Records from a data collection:

=== Begin Enclosure ===

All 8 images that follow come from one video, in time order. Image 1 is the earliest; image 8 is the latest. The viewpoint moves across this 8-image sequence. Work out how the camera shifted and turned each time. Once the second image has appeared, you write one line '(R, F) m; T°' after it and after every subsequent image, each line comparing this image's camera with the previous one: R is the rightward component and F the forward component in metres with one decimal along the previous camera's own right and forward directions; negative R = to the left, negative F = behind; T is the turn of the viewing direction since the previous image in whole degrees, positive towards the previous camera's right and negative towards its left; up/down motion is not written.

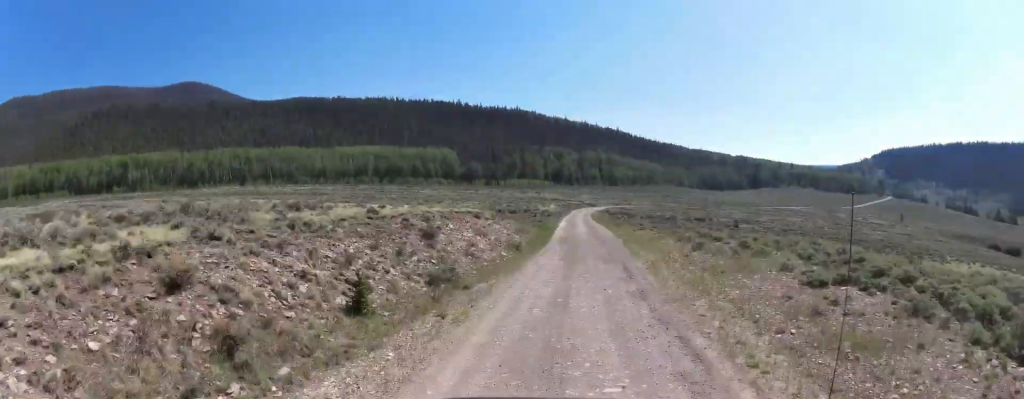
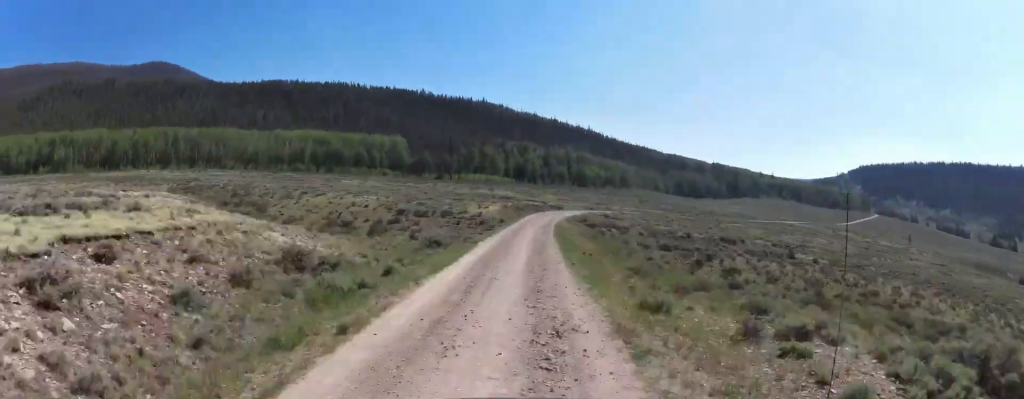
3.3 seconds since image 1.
(+2.5, +35.9) m; +10°
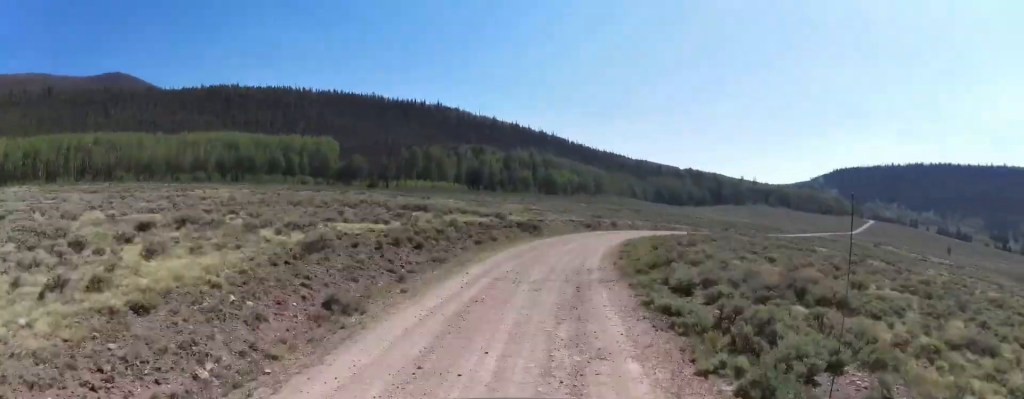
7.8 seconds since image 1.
(+3.9, +53.2) m; +14°
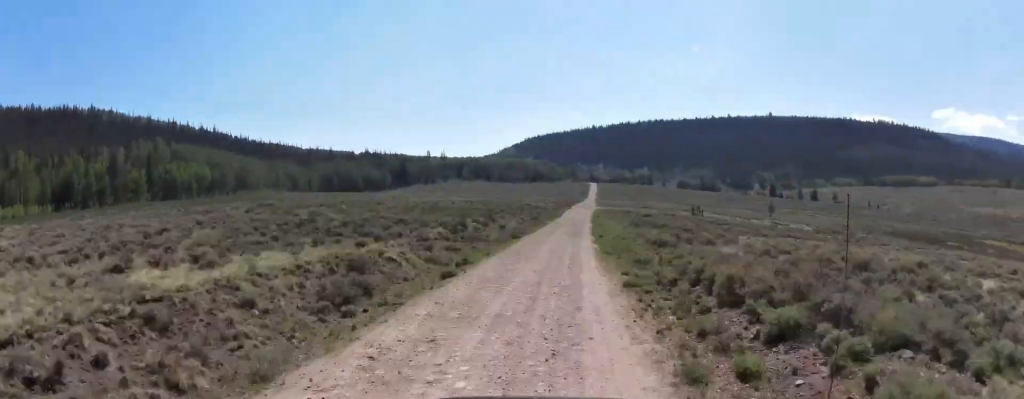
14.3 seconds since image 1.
(+16.5, +80.3) m; +15°
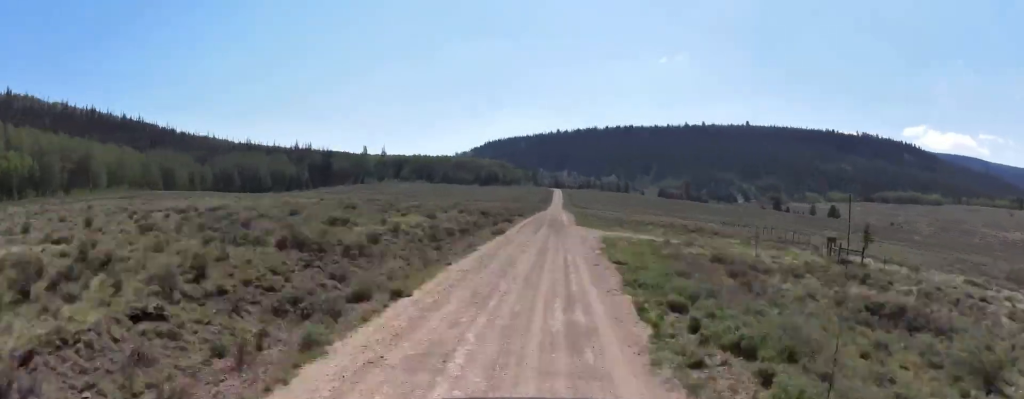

=== End Enclosure ===

● The problem
A verbatim copy of the records above, without pictures, is required.

● Response
All 8 images that follow come from one video, in time order. Image 1 is the earliest; image 8 is the latest. The viewpoint moves across this 8-image sequence. Work out how the camera shifted and turned each time. Once the second image has appeared, you write one line '(R, F) m; T°' after it and after every subsequent image, each line comparing this image's camera with the previous one: R is the rightward component and F the forward component in metres with one decimal along the previous camera's own right and forward directions; negative R = to the left, negative F = behind; T is the turn of the viewing direction since the previous image in whole degrees, positive towards the previous camera's right and negative towards its left; up/down motion is not written.

3.3 seconds since image 1.
(+2.5, +35.9) m; +10°
7.8 seconds since image 1.
(+3.9, +53.2) m; +14°
14.3 seconds since image 1.
(+16.5, +80.3) m; +15°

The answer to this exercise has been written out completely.